I have created two alternative Sankey diagrams where these two flows set off from the “Page Load” box parallel (stacked), rather than in an overlay manner. The overall quantity represented by the flows on the output side should be equal to the number of visitors on the input side. The first diagram keeps the original idea of the browsing loop coming in from the top, the second one hooks it on the left side of the box.

As for the colors of the two diagrams above, sorry Stuart, didn’t hit the right values right away…

Another field where Sankey diagrams are used widely is Material Flow Accounting, the analysis of material flows on a national or regional level. MFA focuses on bulk materials or individual substances (e.g. zinc, copper, cadmium) and the quantities in which they enter, leave or accumulate in a national economy.

The diagram below is from a peer-reviewed paper presented at the 4th LCA conference in Australia (van Beers, van Berkel, Graedel: The Application of Material Flow Analysis for the Evaluation of the Recovery Potential of Secondary Metals in Australia, 2005). It shows the copper flows within the system boundary of Australia, the unit is Gg/year (= 1000 metric tons per year).

This “clustered” Sankey has six different flow widths, grouping together flow quantities within a specific range (e.g. <10, 10 < 30,9, …). Flows larger than 999 Gg/year are not shown any wider. This avoids that very large quantities “spoil” the whole diagram, as smaller flows become less significant in Sankey diagrams to scale.

An alternative way to overcome the problem or very wide flows in a Sankey diagram spoiling the chart would be to define a cut-off quantity. Flows that are large than the cut-off quantity are excluded from the scale, and are shown with a hatch or moirée pattern. The two Sankey diagrams below were made based on the data from the above publication. The first one shows the large “Ore” flow with a cut-off level at 300 Gg/year (an additional note warns the reader that this flow is not to scale”, while the second diagram is fully to scale.

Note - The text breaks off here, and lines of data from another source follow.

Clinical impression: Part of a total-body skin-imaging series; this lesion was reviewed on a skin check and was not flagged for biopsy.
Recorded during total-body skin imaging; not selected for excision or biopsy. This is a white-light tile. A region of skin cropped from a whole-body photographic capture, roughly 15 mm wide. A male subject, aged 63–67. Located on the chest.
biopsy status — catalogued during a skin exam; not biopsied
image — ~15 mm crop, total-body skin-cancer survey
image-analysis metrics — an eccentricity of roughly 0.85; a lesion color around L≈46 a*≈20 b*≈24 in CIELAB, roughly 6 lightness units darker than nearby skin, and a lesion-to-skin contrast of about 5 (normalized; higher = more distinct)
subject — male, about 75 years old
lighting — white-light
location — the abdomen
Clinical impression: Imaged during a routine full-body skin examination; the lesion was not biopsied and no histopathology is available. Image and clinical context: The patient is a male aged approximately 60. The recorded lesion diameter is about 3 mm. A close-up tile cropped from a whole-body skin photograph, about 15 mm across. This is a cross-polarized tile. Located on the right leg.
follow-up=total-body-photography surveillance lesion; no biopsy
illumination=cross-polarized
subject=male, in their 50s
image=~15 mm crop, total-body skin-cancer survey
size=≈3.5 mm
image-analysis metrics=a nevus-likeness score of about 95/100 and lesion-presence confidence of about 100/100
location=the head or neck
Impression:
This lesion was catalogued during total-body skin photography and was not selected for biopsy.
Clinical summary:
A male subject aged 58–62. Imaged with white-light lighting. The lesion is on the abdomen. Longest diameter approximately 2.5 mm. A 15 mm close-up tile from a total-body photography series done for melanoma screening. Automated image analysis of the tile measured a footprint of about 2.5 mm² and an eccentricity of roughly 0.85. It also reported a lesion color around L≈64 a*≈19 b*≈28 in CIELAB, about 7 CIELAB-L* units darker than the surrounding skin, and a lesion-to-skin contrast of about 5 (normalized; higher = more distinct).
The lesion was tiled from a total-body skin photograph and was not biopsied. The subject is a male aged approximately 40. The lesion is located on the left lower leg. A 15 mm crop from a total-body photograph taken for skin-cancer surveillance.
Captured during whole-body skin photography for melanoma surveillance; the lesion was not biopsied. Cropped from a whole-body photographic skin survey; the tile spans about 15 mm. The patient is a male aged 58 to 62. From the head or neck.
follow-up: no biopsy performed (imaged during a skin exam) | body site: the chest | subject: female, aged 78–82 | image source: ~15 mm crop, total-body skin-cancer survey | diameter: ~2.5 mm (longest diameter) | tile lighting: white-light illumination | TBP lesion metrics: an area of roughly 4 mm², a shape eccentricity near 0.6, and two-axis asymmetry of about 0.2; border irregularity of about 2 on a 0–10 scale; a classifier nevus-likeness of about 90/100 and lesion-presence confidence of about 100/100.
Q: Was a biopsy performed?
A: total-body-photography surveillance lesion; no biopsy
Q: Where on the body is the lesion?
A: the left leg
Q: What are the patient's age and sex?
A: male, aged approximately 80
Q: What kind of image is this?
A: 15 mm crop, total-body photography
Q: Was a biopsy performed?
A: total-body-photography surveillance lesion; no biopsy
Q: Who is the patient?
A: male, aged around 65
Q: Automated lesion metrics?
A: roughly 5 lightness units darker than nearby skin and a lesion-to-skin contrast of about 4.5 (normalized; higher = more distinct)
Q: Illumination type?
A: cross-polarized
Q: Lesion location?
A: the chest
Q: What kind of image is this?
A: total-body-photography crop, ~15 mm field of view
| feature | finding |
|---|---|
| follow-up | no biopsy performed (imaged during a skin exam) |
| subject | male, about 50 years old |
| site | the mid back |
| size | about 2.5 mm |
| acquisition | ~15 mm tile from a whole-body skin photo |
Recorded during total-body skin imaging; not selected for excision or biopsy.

Very thin arrows additionally get explicit arrow heads to be able to identify their flow direction.

Feel free to comment

Mark Barrett, director of a UK-based energy consultancy, has developed several energy models.

The SEEScen model (Society, Energy and Environment Scenario model)…

…incorporates 11 energy end uses (motive power, lighting, heating etc.) across 15 sectors. Some of these end uses have physical models; for example, domestic space heating and cooling are estimated with a model of a house which allows the effects of parameters such as insulation and internal temperatures to be examined.

Sankey diagrams for several years have been put together to make a short “film” how energy requirements may change over the years, and what shifts might be expected between different ways of energy generation.

Here is a miniature preview of this animation.

To be able to see the details, download the Flash move or the GIF from the SEEScen webpage. Make sure you watch the film in the original size.

This is a neat idea, and it gives a whole new dimension to Sankey diagrams! On a side note: as far as I am informed, there are only two software tools capable of handling timelines in Sankey diagrams, S.DRAW and SankeyVis.

On my quest for more interesting Sankey diagrams I stumbled across a wykres Sankeya on a web page from Poland, which I reproduced here using ifu’s e!Sankey tool.

It shows the advantage of energy cogeneration plants over energy production in separate plants. From a base value of 100 a yield of 85% can be reached in cogeneration plants (35% electric energy, 50% heat energy - the original text accompanying the diagram says 30% electric energy, 55% heat energy) with 15% losses. To get the same energy amount from separate energy generation plants, the required energy feedstock is 1.48 times higher, with losses more than four times higher (63:15), especially originating from the generation of electricity.

While I am far from fostering one or the other technology with this post, I think this Sankey diagram merits special attention, because it is actually a 2-in-1 diagram (both with flow direction left-to-middle and right-to middle) and a baseline scenario comparison. A very nice idea!

I have decided to present in a loose sequence some diagrams I have found on the web that are obviously wrong. Or -let’s put it in other words- don’t reflect the numbers appropriately. Well, we all know that this happens quite often, and if you plan to do that purposely this book might be of use for you…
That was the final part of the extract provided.